Um grupo de adeptos do Benfica pediu à direção presidida por Luís Filipe Vieira para pôr fim à “instrumentalização política” do clube pelo partido Chega, em carta aberta publicada, esta sexta-feira.

“A direção do Benfica não pode continuar a pactuar com a evidência mediática: o Chega chegou ao parlamento porque é liderado por uma personagem que é conhecida apenas e só por causa do Benfica”, denuncia o grupo de cinco subscritores na Tribuna Expresso.

Jacinto Lucas Pires, Henrique Raposo, Pedro Norton, José Eduardo Martins e Ricardo Araújo Pereira expressam publicamente “indignação” perante o facto de o presidente do Chega, André Ventura, ter usado o clube “para criar uma persona política”, assinalando que “a instrumentalização política do Benfica é errada por princípio”.

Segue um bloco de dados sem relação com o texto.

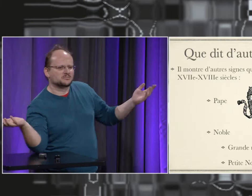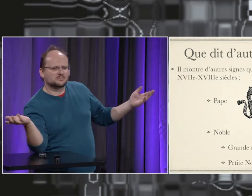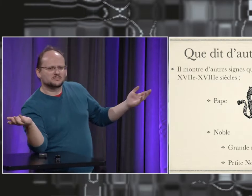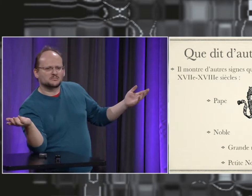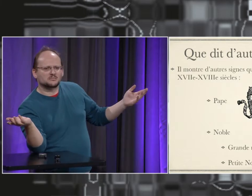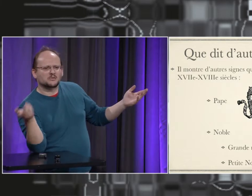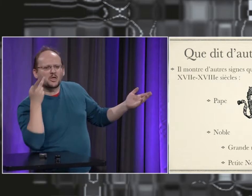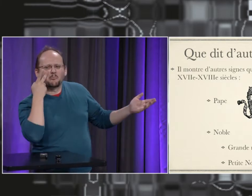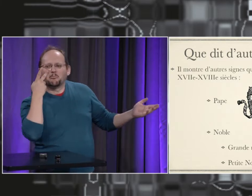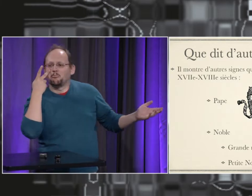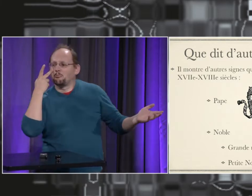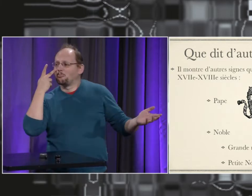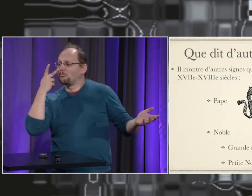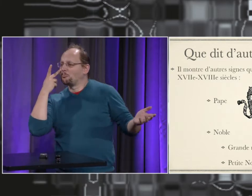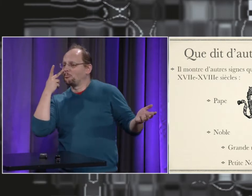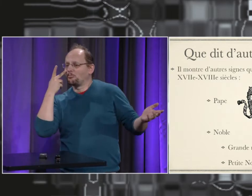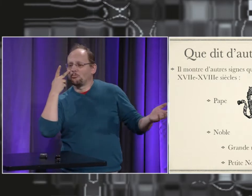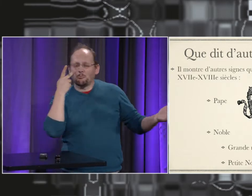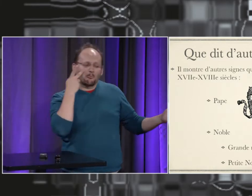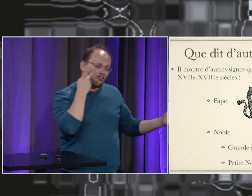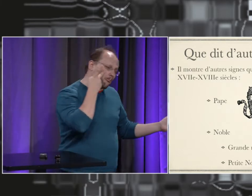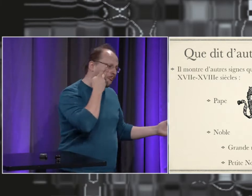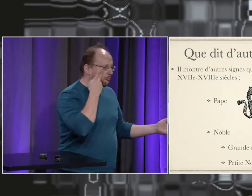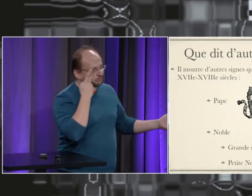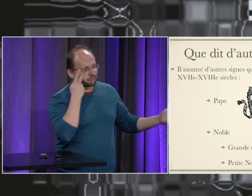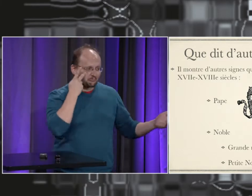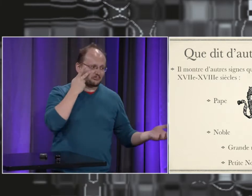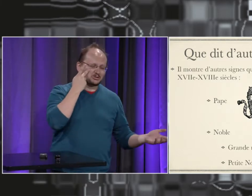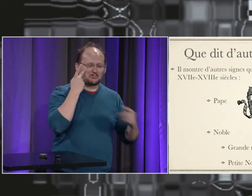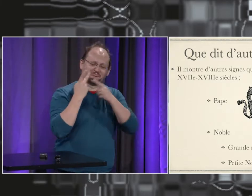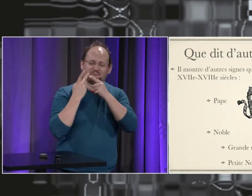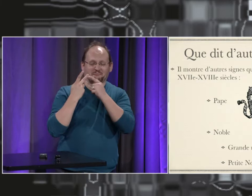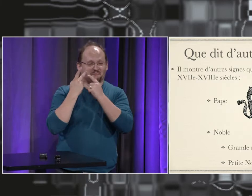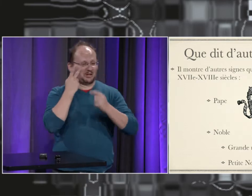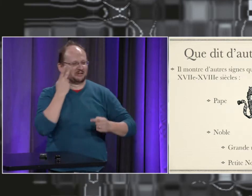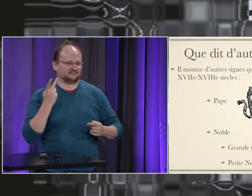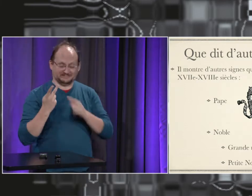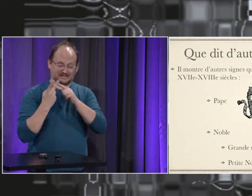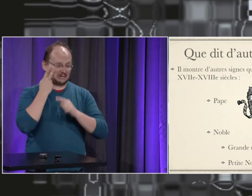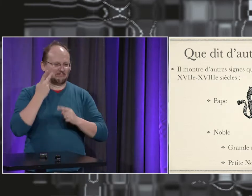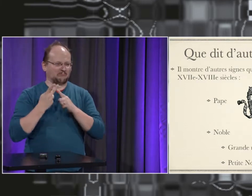Comment le signez-vous, vous ? Noble ? D'accord. On a à peu près tous le même. Noble.

“Neste caso, é ainda mais grave, porque o Chega é um partido de extrema-direita abertamente antissistema e xenófobo, isto é, um partido que é a negação da identidade do Benfica. O clube de Eusébio, Coluna, Renato e Gedson, entre outros, não pode ser associado a uma figura xenófoba”, adverte aquele grupo de adeptos.

Contactado pela agência Lusa, o Benfica recusou comentar a carta aberta e remeteu para os estatutos do clube, nos quais é indicado que o clube não diferencia os sócios “em razão da raça, género, sexo, ascendência, língua, nacionalidade ou território de origem, condição económica e social e convicções políticas, ideológicas e religiosas”.